- _Material provided_:
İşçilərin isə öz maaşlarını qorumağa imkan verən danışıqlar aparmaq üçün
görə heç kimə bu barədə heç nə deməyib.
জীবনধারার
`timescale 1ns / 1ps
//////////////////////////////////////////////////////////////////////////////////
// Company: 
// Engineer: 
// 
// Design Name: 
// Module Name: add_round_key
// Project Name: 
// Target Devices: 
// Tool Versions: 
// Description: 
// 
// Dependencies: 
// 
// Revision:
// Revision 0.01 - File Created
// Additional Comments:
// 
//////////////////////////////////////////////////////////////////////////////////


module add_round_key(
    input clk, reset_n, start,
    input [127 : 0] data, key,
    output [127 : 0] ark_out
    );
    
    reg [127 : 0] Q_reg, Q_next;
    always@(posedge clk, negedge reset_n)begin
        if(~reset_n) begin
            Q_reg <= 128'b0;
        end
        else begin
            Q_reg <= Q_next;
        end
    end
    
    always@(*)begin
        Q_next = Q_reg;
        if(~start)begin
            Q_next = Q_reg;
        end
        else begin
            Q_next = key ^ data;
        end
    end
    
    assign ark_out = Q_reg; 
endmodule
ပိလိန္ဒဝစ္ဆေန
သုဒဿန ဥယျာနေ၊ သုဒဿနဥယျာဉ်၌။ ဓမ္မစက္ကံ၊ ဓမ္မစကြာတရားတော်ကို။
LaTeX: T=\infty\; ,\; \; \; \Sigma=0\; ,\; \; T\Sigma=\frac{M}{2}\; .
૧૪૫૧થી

- _Task brief_: Everything from the line that contains "assign ark_out = Q_reg;" through the end of the records must be duplicated exactly, and nothing outside that range.

- _Response_:
    assign ark_out = Q_reg; 
endmodule
ပိလိန္ဒဝစ္ဆေန
သုဒဿန ဥယျာနေ၊ သုဒဿနဥယျာဉ်၌။ ဓမ္မစက္ကံ၊ ဓမ္မစကြာတရားတော်ကို။
LaTeX: T=\infty\; ,\; \; \; \Sigma=0\; ,\; \; T\Sigma=\frac{M}{2}\; .
૧૪૫૧થી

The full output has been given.